═══ EXERCISE DATA ═══

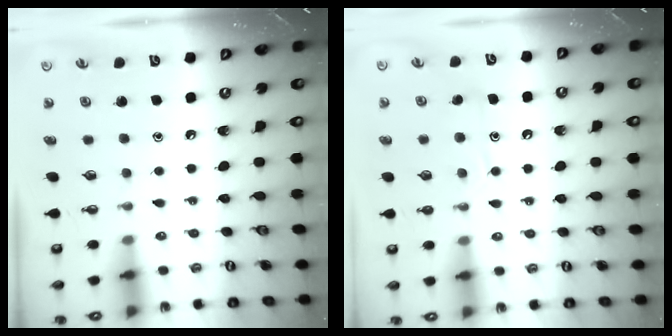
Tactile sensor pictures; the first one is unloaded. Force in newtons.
{"total": 10.2, "press": 10.2, "slide": 0.8}
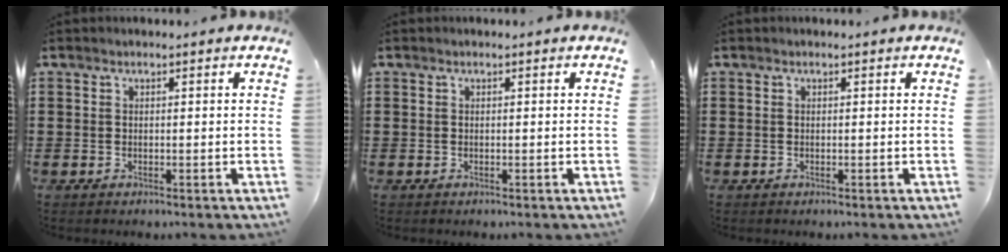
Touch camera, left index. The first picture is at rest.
{"total": 0.0}
{"total": 0.0}
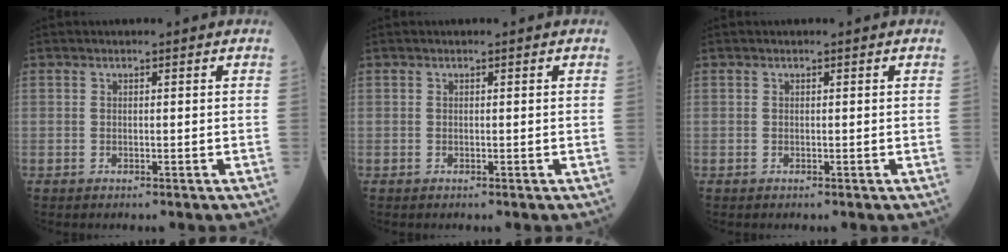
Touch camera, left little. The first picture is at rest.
{"total": 0.0}
{"total": 0.0}
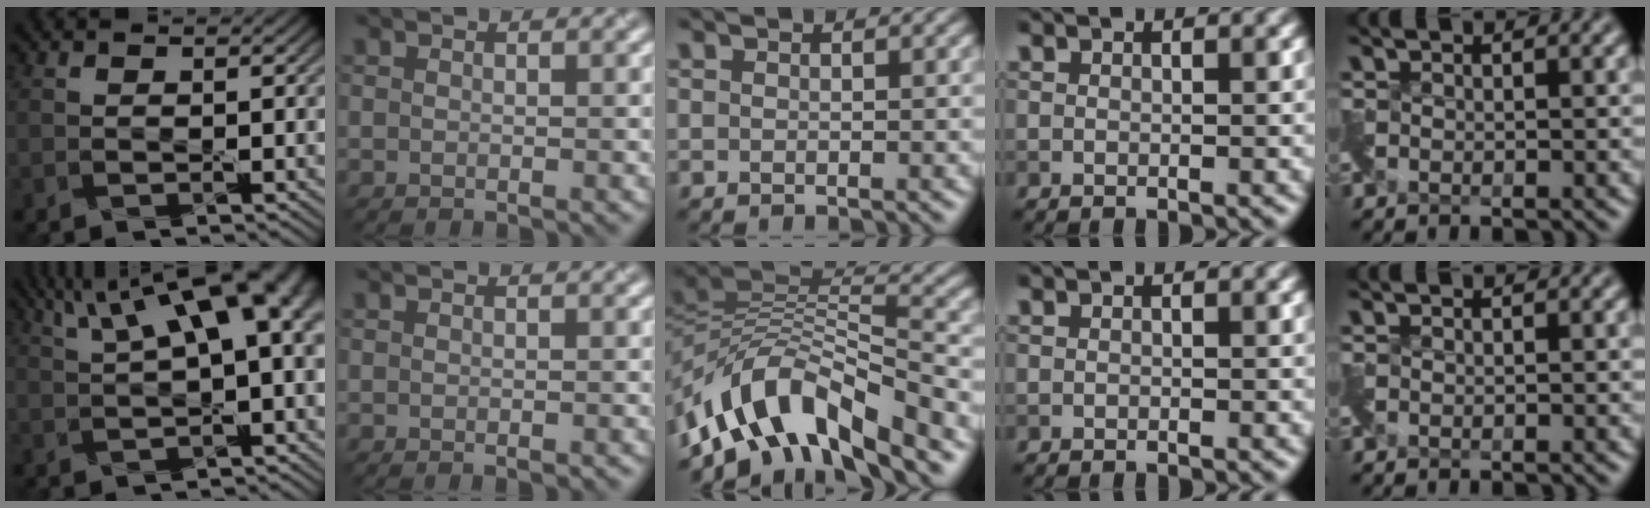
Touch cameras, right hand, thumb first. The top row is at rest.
{"thumb": {"total": 12.4, "force": [4.7, 4.2, 10.7], "torque": [-0.168, 0.022, 0.074]}, "index": {"total": 0.7, "force": [-0.4, 0.1, 0.5], "torque": [-0.007, -0.002, -0.003]}, "middle": {"total": 9.6, "force": [-5.8, 3.9, 6.6], "torque": [-0.104, 0.012, -0.115]}}
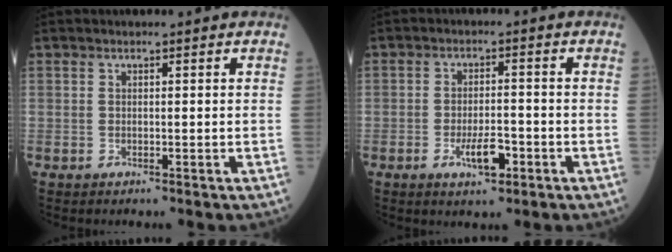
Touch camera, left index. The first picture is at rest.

═══

• THE PROBLEM:
When you reach the line containing "Touch camera, left little." in the entries above, please retype it and each line after it through the last one, exactly, without the pictures.

• SOLUTION TO THE EXERCISE:
Touch camera, left little. The first picture is at rest.
{"total": 0.0}
{"total": 0.0}
Touch cameras, right hand, thumb first. The top row is at rest.
{"thumb": {"total": 12.4, "force": [4.7, 4.2, 10.7], "torque": [-0.168, 0.022, 0.074]}, "index": {"total": 0.7, "force": [-0.4, 0.1, 0.5], "torque": [-0.007, -0.002, -0.003]}, "middle": {"total": 9.6, "force": [-5.8, 3.9, 6.6], "torque": [-0.104, 0.012, -0.115]}}
Touch camera, left index. The first picture is at rest.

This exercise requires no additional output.